> [AIM OF THE TASK]: If a line of the records holds the word "plot", copy it out.

══ EXERCISE INPUT ══

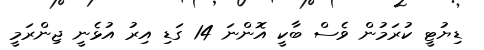
ޑިޔުޓީ ކުރަމުން ވެސް ބާކީ އޮންނަ 14 ގަޑި އިރު އުޅެނީ ޖިންރަމީ
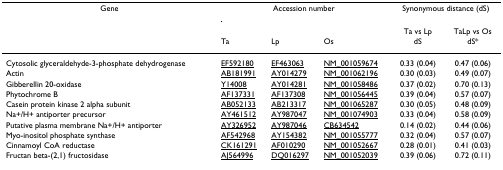
<table><thead><tr><td><b>Gene</b></td><td colspan="3"><b>Accession number</b></td><td colspan="2"><b>Synonymous distance (dS)</b></td></tr><tr><td></td><td></td><td></td><td></td><td><b>Ta vs Lp</b></td><td><b>TaLp vs Os</b></td></tr><tr><td></td><td><b>Ta</b></td><td><b>Lp</b></td><td><b>Os</b></td><td><b>dS</b></td><td><b>dS*</b></td></tr></thead><tbody><tr><td>Cytosolic glyceraldehyde-3-phosphate dehydrogenase</td><td>EF592180</td><td>EF463063</td><td>NM_001059674</td><td>0.33 (0.04)</td><td>0.47 (0.06)</td></tr><tr><td>Actin</td><td>AB181991</td><td>AY014279</td><td>NM_001062196</td><td>0.30 (0.03)</td><td>0.49 (0.07)</td></tr><tr><td>Gibberellin 20-oxidase</td><td>Y14008</td><td>AY014281</td><td>NM_001058486</td><td>0.37 (0.02)</td><td>0.70 (0.13)</td></tr><tr><td>Phytochrome B</td><td>AF137331</td><td>AF137308</td><td>NM_001056445</td><td>0.39 (0.04)</td><td>0.57 (0.07)</td></tr><tr><td>Casein protein kinase 2 alpha subunit</td><td>AB052133</td><td>AB213317</td><td>NM_001065287</td><td>0.30 (0.05)</td><td>0.48 (0.09)</td></tr><tr><td>Na+/H+ antiporter precursor</td><td>AY461512</td><td>AY987047</td><td>NM_001074903</td><td>0.33 (0.04)</td><td>0.58 (0.09)</td></tr><tr><td>Putative plasma membrane Na+/H+ antiporter</td><td>AY326952</td><td>AY987046</td><td>CB634542</td><td>0.14 (0.02)</td><td>0.44 (0.06)</td></tr><tr><td>Myo-inositol phosphate synthase</td><td>AF542968</td><td>AY154382</td><td>NM_001055777</td><td>0.32 (0.04)</td><td>0.57 (0.07)</td></tr><tr><td>Cinnamoyl CoA reductase</td><td>CK161291</td><td>AF010290</td><td>NM_001052667</td><td>0.28 (0.01)</td><td>0.41 (0.03)</td></tr><tr><td>Fructan beta-(2,1) fructosidase</td><td>AJ564996</td><td>DQ016297</td><td>NM_001052039</td><td>0.39 (0.06)</td><td>0.72 (0.11)</td></tr></tbody></table>
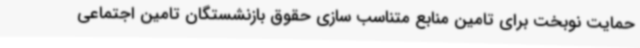
حمایت نوبخت برای تامین منابع متناسب سازی حقوق بازنشستگان تامین اجتماعی
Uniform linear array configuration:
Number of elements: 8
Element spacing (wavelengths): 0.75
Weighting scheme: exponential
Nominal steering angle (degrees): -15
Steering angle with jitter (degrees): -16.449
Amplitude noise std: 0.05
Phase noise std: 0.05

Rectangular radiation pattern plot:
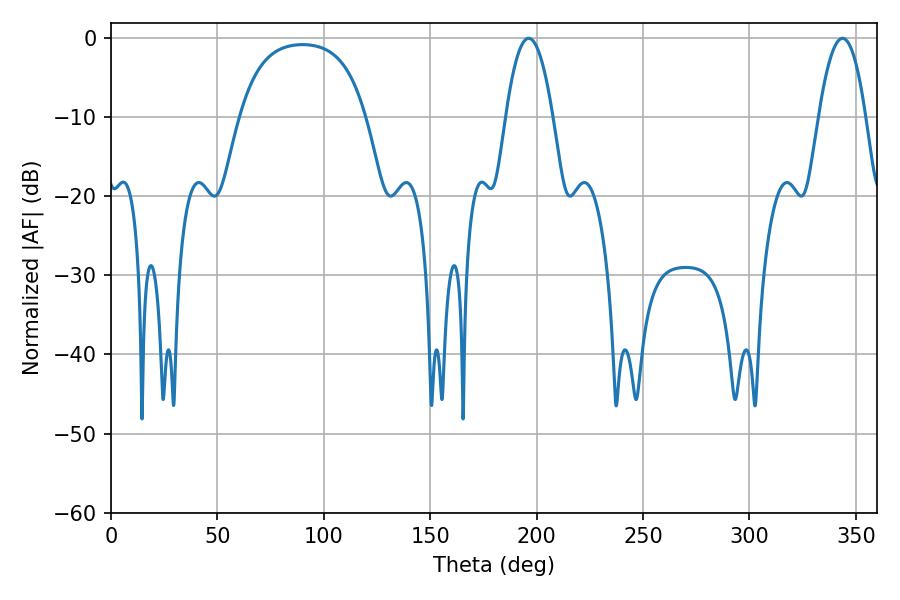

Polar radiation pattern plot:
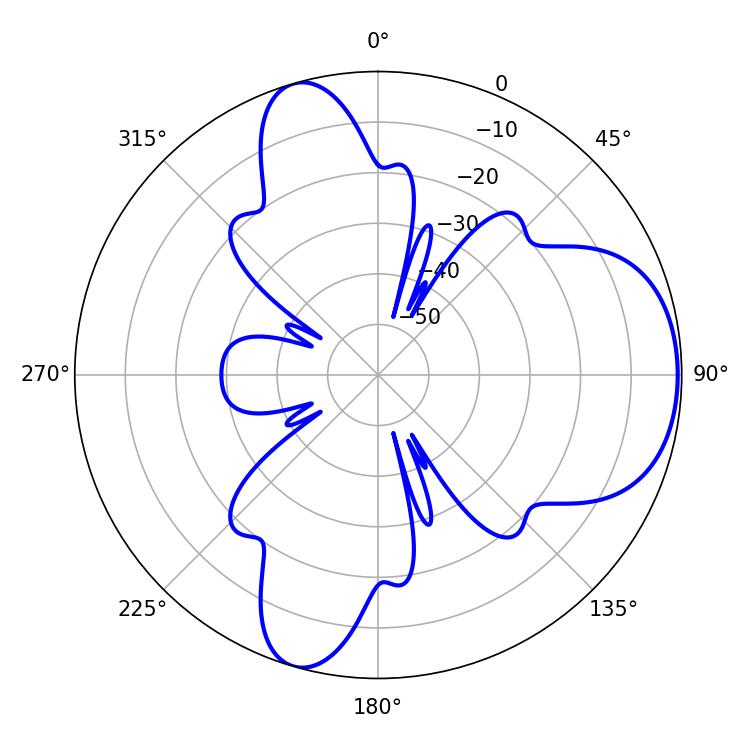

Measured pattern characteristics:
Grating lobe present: TRUE
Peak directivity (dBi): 6.572
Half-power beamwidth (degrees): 12.24
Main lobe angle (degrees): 196.2

═══

> [RESULT FOR THIS TASK]:
Rectangular radiation pattern plot:
Polar radiation pattern plot:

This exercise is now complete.